AVAILABLE DATA:
Start of Block

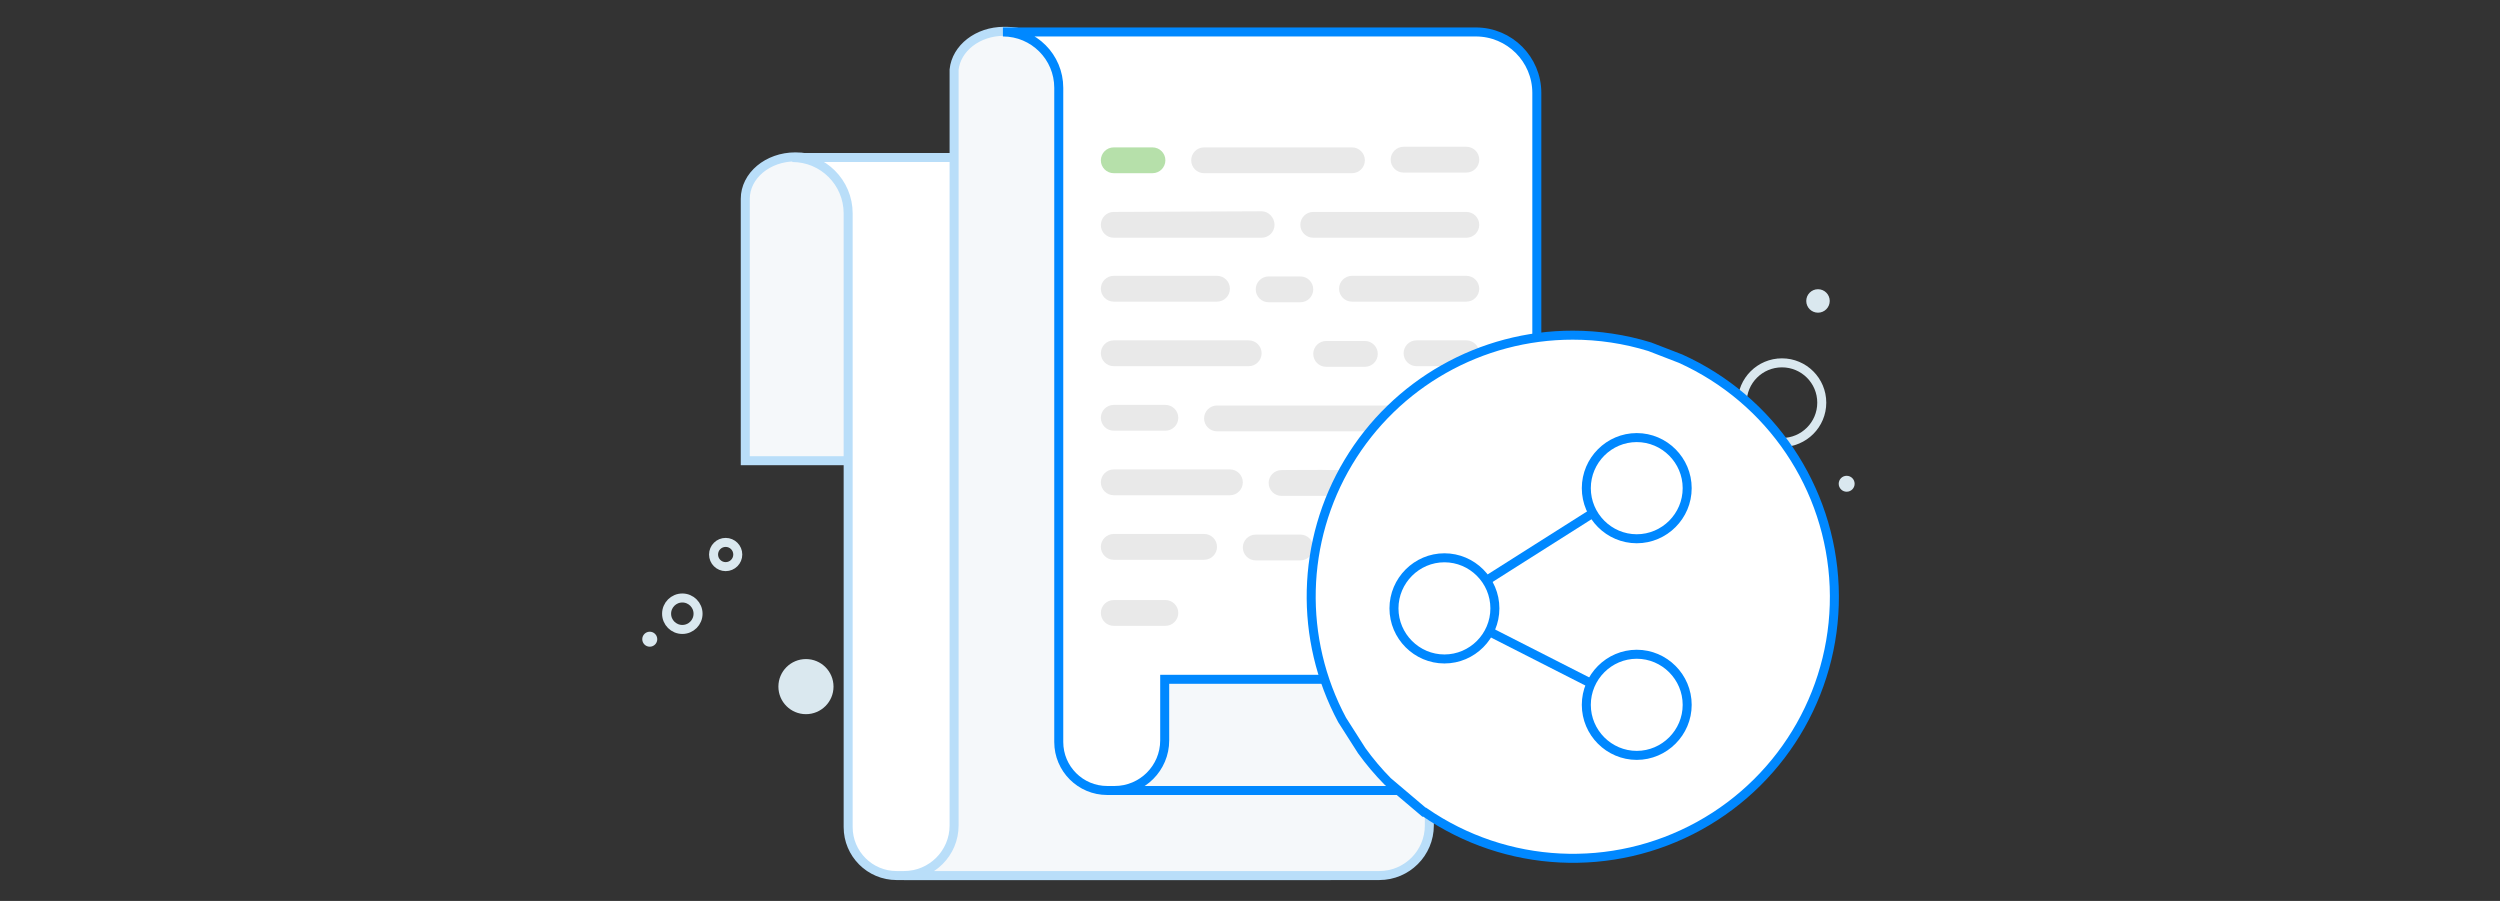 <?xml version="1.0" encoding="utf-8"?>
<!-- Generator: Adobe Illustrator 16.0.0, SVG Export Plug-In . SVG Version: 6.00 Build 0)  -->
<!DOCTYPE svg PUBLIC "-//W3C//DTD SVG 1.1//EN" "http://www.w3.org/Graphics/SVG/1.1/DTD/svg11.dtd">
<svg version="1.1" id="social_proof" xmlns="http://www.w3.org/2000/svg" xmlns:xlink="http://www.w3.org/1999/xlink" x="0px"
	 y="0px" width="555px" height="200px" viewBox="-77.5 0 555 200" enable-background="new -77.5 0 555 200" xml:space="preserve">
<rect x="-77.5" y="0" width="555" height="200" fill="#333333" stroke="none"/>
<g>
	<path fill="#DAE8EF" d="M107.54,152.43c0,3.379-2.739,6.115-6.117,6.115c-3.379,0-6.119-2.736-6.119-6.115
		c0-3.381,2.74-6.117,6.119-6.117C104.8,146.313,107.54,149.049,107.54,152.43z"/>
	<path fill="none" stroke="#DAE8EF" stroke-width="2" stroke-miterlimit="10" d="M326.932,89.391c0,4.879-3.957,8.84-8.838,8.84
		s-8.838-3.961-8.838-8.84c0-4.881,3.957-8.838,8.838-8.838S326.932,84.51,326.932,89.391z"/>
	<g>
		<circle fill="none" stroke="#DAE8EF" stroke-width="2" stroke-miterlimit="10" cx="73.976" cy="136.246" r="3.492"/>
		<circle fill="none" stroke="#DAE8EF" stroke-width="2" stroke-miterlimit="10" cx="83.598" cy="123.102" r="2.689"/>
		<circle fill="#DAE8EF" cx="66.747" cy="141.904" r="1.664"/>
		<path fill="#DAE8EF" d="M334.229,107.398c0,0.975-0.793,1.766-1.771,1.766c-0.977,0-1.766-0.791-1.766-1.766
			c0-0.982,0.789-1.771,1.766-1.771C333.436,105.627,334.229,106.416,334.229,107.398z"/>
		<circle fill="#DAE8EF" cx="326.095" cy="66.811" r="2.606"/>
	</g>
</g>
<g>
	<g>
		<path fill="#F5F8FA" stroke="#B9DEF9" stroke-width="2" stroke-miterlimit="10" d="M87.952,92.751v7.133V44.146
			c0-5.146,4.978-9.317,11.12-9.317c6.846,0,12.398,4.654,12.398,10.393v0.952v46.577v1.812v7.717H87.951v-5.688L87.952,92.751
			L87.952,92.751z"/>
		<path fill="#FFFFFF" stroke="#B9DEF9" stroke-width="2" stroke-miterlimit="10" d="M216.918,48.504L216.918,48.504v145.868
			h-95.369c-5.942,0-10.758-4.815-10.758-10.761V48.504v-1.137c0-6.849-5.553-12.399-12.401-12.399h104.991
			C210.857,34.968,216.918,41.028,216.918,48.504z"/>
		<path fill="#F5F8FA" stroke="#B9DEF9" stroke-width="2" stroke-miterlimit="10" d="M158.1,15.94
			c0.075,0.461,0.126,0.929,0.126,1.408v0.954v7.914v1.81v7.718h-0.448v-7.718v-1.81v-7.914v-0.954c0-0.479-0.053-0.947-0.129-1.408
			H158.1c-0.823-5.072-5.997-8.984-12.274-8.984c-0.075,0-0.147,0.008-0.224,0.009c-0.075,0-0.148-0.009-0.225-0.009
			c-5.819,0-10.584,3.745-11.069,8.515v0.469v19.803v147.512c0,6.14-4.979,11.116-11.115,11.116h105.485h0.016
			c6.144,0,11.119-4.979,11.119-11.116V15.94H158.1z"/>
	</g>
	<g>
		<g>
			<path fill="#FFFFFF" stroke="#0088FF" stroke-width="2" stroke-miterlimit="10" d="M263.675,20.631L263.675,20.631v154.858
				h-95.372c-5.941,0-10.758-4.815-10.758-10.761V20.631v-1.135c0-6.85-5.552-12.401-12.399-12.401h104.991
				C257.609,7.095,263.675,13.154,263.675,20.631z"/>
			<path fill="#F5F8FA" stroke="#0088FF" stroke-width="2" stroke-miterlimit="10" d="M181.063,164.373v-13.564h105.505v13.564
				c0,6.141-4.978,11.116-11.117,11.116l0,0h-0.017H169.946C176.085,175.489,181.063,170.514,181.063,164.373z"/>
		</g>
		<g id="text_18_">
			<path fill="#E9E9E9" d="M234.098,38.312h13.934c1.58,0,2.865-1.283,2.865-2.868c0-1.581-1.285-2.863-2.865-2.863h-13.934
				c-1.58,0-2.867,1.282-2.867,2.863C231.23,37.028,232.518,38.312,234.098,38.312"/>
			<path opacity="0.6" fill="#85CC72" enable-background="new    " d="M169.754,38.451h8.598c1.58,0,2.863-1.283,2.863-2.866
				c0-1.582-1.283-2.866-2.863-2.866h-8.598c-1.584,0-2.866,1.284-2.866,2.866C166.888,37.168,168.17,38.451,169.754,38.451"/>
			<path fill="#E9E9E9" d="M189.807,38.451h32.828c1.578,0,2.868-1.283,2.868-2.866c0-1.582-1.29-2.866-2.868-2.866h-32.828
				c-1.58,0-2.861,1.284-2.861,2.866C186.943,37.168,188.227,38.451,189.807,38.451"/>
			<path fill="#E9E9E9" d="M222.635,66.964h25.396c1.58,0,2.861-1.282,2.861-2.866c0-1.582-1.281-2.864-2.861-2.864h-25.396
				c-1.582,0-2.865,1.283-2.865,2.864C219.77,65.682,221.053,66.964,222.635,66.964"/>
			<path fill="#E9E9E9" d="M236.962,81.292h11.067c1.582,0,2.863-1.287,2.863-2.867c0-1.584-1.281-2.866-2.863-2.866h-11.067
				c-1.581,0-2.864,1.282-2.864,2.866C234.098,80.006,235.381,81.292,236.962,81.292"/>
			<path fill="#E9E9E9" d="M169.754,81.292h29.959c1.583,0,2.866-1.287,2.866-2.867c0-1.584-1.283-2.866-2.866-2.866h-29.959
				c-1.584,0-2.866,1.282-2.866,2.866C166.888,80.006,168.17,81.292,169.754,81.292"/>
			<path fill="#E9E9E9" d="M169.754,66.964h22.923c1.579,0,2.864-1.282,2.864-2.866c0-1.582-1.285-2.864-2.864-2.864h-22.923
				c-1.584,0-2.866,1.283-2.866,2.864C166.888,65.682,168.17,66.964,169.754,66.964"/>
			<path fill="#E9E9E9" d="M204.141,67.104h7.035c1.581,0,2.864-1.283,2.864-2.866c0-1.58-1.283-2.866-2.864-2.866h-7.035
				c-1.586,0-2.869,1.286-2.869,2.866C201.271,65.823,202.555,67.104,204.141,67.104"/>
			<path fill="#E9E9E9" d="M214.04,52.776h33.989c1.582,0,2.863-1.279,2.863-2.864c0-1.58-1.281-2.865-2.863-2.865H214.04
				c-1.584,0-2.867,1.285-2.867,2.865C211.173,51.497,212.456,52.776,214.04,52.776"/>
			<path fill="#E9E9E9" d="M216.904,81.432h8.599c1.579,0,2.864-1.284,2.864-2.869c0-1.58-1.285-2.864-2.864-2.864h-8.599
				c-1.582,0-2.864,1.284-2.864,2.864C214.04,80.148,215.322,81.432,216.904,81.432"/>
			<path fill="#E9E9E9" d="M169.754,109.943h25.787c1.584,0,2.866-1.283,2.866-2.869c0-1.579-1.282-2.864-2.866-2.864h-25.787
				c-1.584,0-2.866,1.285-2.866,2.864C166.888,108.66,168.17,109.943,169.754,109.943"/>
			<path fill="#E9E9E9" d="M169.754,95.615h11.461c1.579,0,2.864-1.282,2.864-2.863s-1.285-2.865-2.864-2.865h-11.461
				c-1.584,0-2.866,1.284-2.866,2.865S168.17,95.615,169.754,95.615"/>
			<path fill="#E9E9E9" d="M192.677,95.754h41.421c1.58,0,2.865-1.282,2.865-2.865c0-1.577-1.285-2.865-2.865-2.865h-41.421
				c-1.586,0-2.87,1.288-2.87,2.865C189.807,94.473,191.091,95.754,192.677,95.754"/>
			<path fill="#E9E9E9" d="M169.754,124.271h20.053c1.586,0,2.87-1.287,2.87-2.871c0-1.58-1.284-2.861-2.87-2.861h-20.053
				c-1.584,0-2.866,1.281-2.866,2.861C166.888,122.984,168.17,124.271,169.754,124.271"/>
			<path fill="#E9E9E9" d="M201.271,124.409h9.9c1.584,0,2.867-1.282,2.867-2.865c0-1.581-1.283-2.866-2.867-2.866h-9.9
				c-1.582,0-2.864,1.285-2.864,2.866C198.407,123.127,199.689,124.409,201.271,124.409"/>
			<path fill="#E9E9E9" d="M207,104.354c0,0,10.594-0.084,10.861-0.002h30.168c1.582,0,2.863,1.283,2.863,2.865
				c0,1.584-1.281,2.866-2.863,2.866H214.04c-0.296,0-7.04,0.005-7.04,0.005c-1.581,0-2.859-1.285-2.859-2.871
				C204.141,105.639,205.419,104.354,207,104.354z"/>
			<path fill="#E9E9E9" d="M169.754,52.776h32.825c1.582,0,2.864-1.279,2.864-2.864c0-1.58-1.282-3.007-2.864-3.007l-32.825,0.142
				c-1.584,0-2.866,1.285-2.866,2.865C166.888,51.497,168.17,52.776,169.754,52.776"/>
			<path fill="#E9E9E9" d="M169.754,138.938h11.461c1.579,0,2.864-1.282,2.864-2.865c0-1.58-1.285-2.864-2.864-2.864h-11.461
				c-1.584,0-2.866,1.284-2.866,2.864C166.888,137.655,168.17,138.938,169.754,138.938"/>
		</g>
	</g>
</g>
<path fill="#FFFFFF" stroke="#0088FF" stroke-width="2" stroke-miterlimit="10" d="M329.689,130.211
	c-0.872-21.964-14.078-41.549-34.113-50.592l-6.834-2.641c-5.532-1.707-11.291-2.573-17.081-2.572
	c-20.405-0.013-39.319,10.689-49.812,28.188c-10.496,17.499-11.029,39.226-1.404,57.22l4.354,6.832
	c1.744,2.422,3.673,4.705,5.769,6.832l8.067,6.832c0.046,0,0.078-0.022,0.12-0.022c18.094,12.479,41.687,13.665,60.94,3.062
	C318.953,172.747,330.563,152.174,329.689,130.211z"/>
<g>
	
		<line fill="none" stroke="#0088FF" stroke-width="2" stroke-miterlimit="10" x1="243.426" y1="134.614" x2="284.797" y2="108.396"/>
	
		<line fill="none" stroke="#0088FF" stroke-width="2" stroke-miterlimit="10" x1="285.377" y1="156.631" x2="242.584" y2="134.854"/>
	<path fill="#FFFFFF" stroke="#0088FF" stroke-width="2" stroke-miterlimit="10" d="M243.159,146.289
		c-6.142,0-11.198-5.044-11.198-11.23c0-6.186,5.057-11.229,11.198-11.229c6.165,0,11.206,5.043,11.206,11.229
		C254.365,141.245,249.324,146.289,243.159,146.289z M285.857,119.604c-6.15,0-11.195-5.043-11.195-11.232
		c0-6.188,5.045-11.229,11.195-11.229c6.153,0,11.198,5.042,11.198,11.229C297.057,114.561,292.012,119.604,285.857,119.604z
		 M285.857,167.695c-6.15,0-11.195-5.031-11.195-11.219c0-6.188,5.045-11.232,11.195-11.232c6.153,0,11.198,5.044,11.198,11.232
		C297.057,162.629,292.012,167.695,285.857,167.695z"/>
</g>
</svg>

End of Block

EXERCISE DIRECTIONS: Every line containing the word "enable" must be copied from the material above.

EXERCISE ANSWER:
	 y="0px" width="555px" height="200px" viewBox="-77.5 0 555 200" enable-background="new -77.5 0 555 200" xml:space="preserve">
			<path opacity="0.6" fill="#85CC72" enable-background="new    " d="M169.754,38.451h8.598c1.58,0,2.863-1.283,2.863-2.866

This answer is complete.